I came across an article entitled Forth Versus C, and I couldn’t help but notice how much of it applies directly to Scheme (and mostly Common Lisp) as well, with only a few changes in terminology. Naturally not the parts involving its dual stack nature and such, but that’s far from the majority (and you could bring up a similar topic anyway, just compare the C stack to call/cc instead).
This bit especially caught my attention, especially in light of another recent post:
Q. But how can a non-programmer even read a program, let alone tell whether it is right?

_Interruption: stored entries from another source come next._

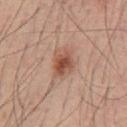The lesion was photographed on a routine skin check and not biopsied; there is no pathology result.
A 15 mm close-up tile from a total-body photography series done for melanoma screening.
The tile uses white-light illumination.
The lesion is located on the chest.
A male subject, approximately 45 years of age.
An algorithmic analysis of the crop reported a lesion area of about 8 mm² and a shape-asymmetry score of about 0.25 (0 = symmetric). And it measured radial color variation of about 1.5.
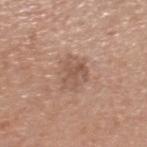Notes:
* follow-up · no biopsy performed (imaged during a skin exam)
* tile lighting · white-light illumination
* image · ~15 mm tile from a whole-body skin photo
* subject · male, aged 58–62
* image-analysis metrics · an average lesion color of about L≈55 a*≈19 b*≈27 (CIELAB), a lesion–skin lightness drop of about 8, and a lesion-to-skin contrast of about 6 (normalized; higher = more distinct); an automated nevus-likeness rating near 0 out of 100 and a lesion-detection confidence of about 100/100
* body site · the head or neck
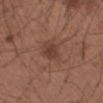Part of a total-body skin-imaging series; this lesion was reviewed on a skin check and was not flagged for biopsy. A male subject, aged 53 to 57. The lesion is located on the left forearm. A region of skin cropped from a whole-body photographic capture, roughly 15 mm wide.
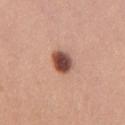{"biopsy_status": "not biopsied; imaged during a skin examination", "lesion_size": {"long_diameter_mm_approx": 3.0}, "patient": {"sex": "female", "age_approx": 55}, "site": "chest", "lighting": "white-light", "image": {"source": "total-body photography crop", "field_of_view_mm": 15}}
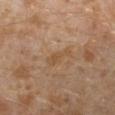Approximately 3.5 mm at its widest.
Imaged with cross-polarized lighting.
The lesion is on the left lower leg.
A male subject, aged approximately 30.
A 15 mm close-up extracted from a 3D total-body photography capture.
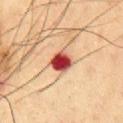notes: catalogued during a skin exam; not biopsied | subject: male, roughly 60 years of age | lesion diameter: about 3 mm | body site: the chest | imaging modality: ~15 mm tile from a whole-body skin photo | automated lesion analysis: an outline eccentricity of about 0.45 (0 = round, 1 = elongated) and a symmetry-axis asymmetry near 0.2.
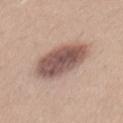{"image": {"source": "total-body photography crop", "field_of_view_mm": 15}, "automated_metrics": {"area_mm2_approx": 21.0, "eccentricity": 0.8, "vs_skin_darker_L": 16.0, "vs_skin_contrast_norm": 10.5, "nevus_likeness_0_100": 65, "lesion_detection_confidence_0_100": 100}, "patient": {"sex": "male", "age_approx": 25}, "lesion_size": {"long_diameter_mm_approx": 7.0}, "site": "mid back", "lighting": "white-light"}
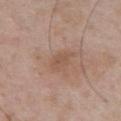Findings:
* biopsy status — total-body-photography surveillance lesion; no biopsy
* anatomic site — the chest
* patient — male, about 55 years old
* imaging modality — total-body-photography crop, ~15 mm field of view
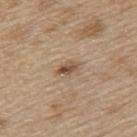biopsy_status: not biopsied; imaged during a skin examination
image:
  source: total-body photography crop
  field_of_view_mm: 15
patient:
  sex: male
  age_approx: 70
lesion_size:
  long_diameter_mm_approx: 2.5
lighting: white-light
automated_metrics:
  nevus_likeness_0_100: 85
  lesion_detection_confidence_0_100: 100
site: mid back
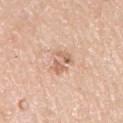Acquisition and patient details: Captured under white-light illumination. Approximately 3 mm at its widest. On the right upper arm. The total-body-photography lesion software estimated an eccentricity of roughly 0.6. The analysis additionally found a border-irregularity rating of about 6/10, a within-lesion color-variation index near 2.5/10, and a peripheral color-asymmetry measure near 0.5. It also reported lesion-presence confidence of about 100/100. The subject is a male in their 60s. Cropped from a whole-body photographic skin survey; the tile spans about 15 mm.
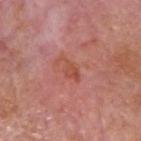Longest diameter approximately 3 mm.
A 15 mm crop from a total-body photograph taken for skin-cancer surveillance.
Located on the head or neck.
Automated image analysis of the tile measured a color-variation rating of about 1.5/10 and radial color variation of about 0.5. And it measured an automated nevus-likeness rating near 0 out of 100 and lesion-presence confidence of about 100/100.
A male patient, about 75 years old.
Imaged with white-light lighting.
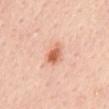The subject is a female aged 43 to 47. A roughly 15 mm field-of-view crop from a total-body skin photograph. The lesion's longest dimension is about 3 mm. On the mid back.
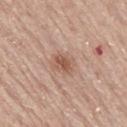The lesion was photographed on a routine skin check and not biopsied; there is no pathology result. The lesion-visualizer software estimated a lesion area of about 6.5 mm² and an eccentricity of roughly 0.65. The software also gave a lesion color around L≈56 a*≈20 b*≈29 in CIELAB, roughly 9 lightness units darker than nearby skin, and a lesion-to-skin contrast of about 6.5 (normalized; higher = more distinct). Longest diameter approximately 3.5 mm. Cropped from a whole-body photographic skin survey; the tile spans about 15 mm. The patient is a male aged around 80. The lesion is located on the mid back.
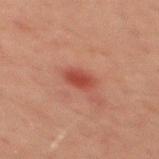Q: Lesion location?
A: the mid back
Q: Patient demographics?
A: male, in their mid- to late 40s
Q: What is the lesion's diameter?
A: ~2.5 mm (longest diameter)
Q: What kind of image is this?
A: ~15 mm tile from a whole-body skin photo
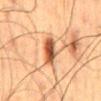biopsy status: imaged on a skin check; not biopsied | subject: male, aged 58 to 62 | site: the mid back | image source: ~15 mm crop, total-body skin-cancer survey | tile lighting: cross-polarized.
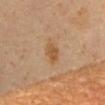Q: Was this lesion biopsied?
A: total-body-photography surveillance lesion; no biopsy
Q: What are the patient's age and sex?
A: male, aged approximately 60
Q: What is the anatomic site?
A: the mid back
Q: How was this image acquired?
A: ~15 mm tile from a whole-body skin photo
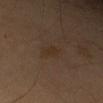Impression: No biopsy was performed on this lesion — it was imaged during a full skin examination and was not determined to be concerning.
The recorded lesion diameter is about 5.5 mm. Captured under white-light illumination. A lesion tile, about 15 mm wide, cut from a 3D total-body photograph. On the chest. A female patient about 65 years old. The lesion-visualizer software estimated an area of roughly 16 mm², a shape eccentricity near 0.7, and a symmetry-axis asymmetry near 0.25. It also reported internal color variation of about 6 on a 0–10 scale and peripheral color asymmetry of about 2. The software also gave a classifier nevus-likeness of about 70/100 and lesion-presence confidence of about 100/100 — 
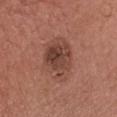diagnosis = a seborrheic keratosis (benign).
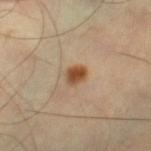biopsy status: catalogued during a skin exam; not biopsied
size: about 2.5 mm
anatomic site: the right thigh
tile lighting: cross-polarized illumination
patient: male, aged approximately 45
acquisition: total-body-photography crop, ~15 mm field of view
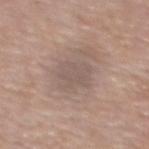Clinical impression: The lesion was photographed on a routine skin check and not biopsied; there is no pathology result. Image and clinical context: A roughly 15 mm field-of-view crop from a total-body skin photograph. On the upper back. A female subject approximately 55 years of age. The tile uses white-light illumination.
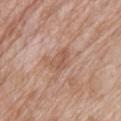workup=total-body-photography surveillance lesion; no biopsy | lighting=white-light illumination | image source=15 mm crop, total-body photography | anatomic site=the upper back | subject=female, aged 68–72.

A. Forth syntax can be learnt in an hour or two. If the top level of the program cannot be read and understood by someone who understands the problem domain, it is wrong and you should change it.
I would also say this would apply to *any* Domain Specific Language. Lisps (and apparently Forth) make constructing DSL’s trivially easy, any many of the pros and cons of such are discussed (in relation to C).
Back on topic though, I think this article neatly describes many of the fundamental differences between Lisp and C just as well as Fortran and C. I highly recommend giving it a read.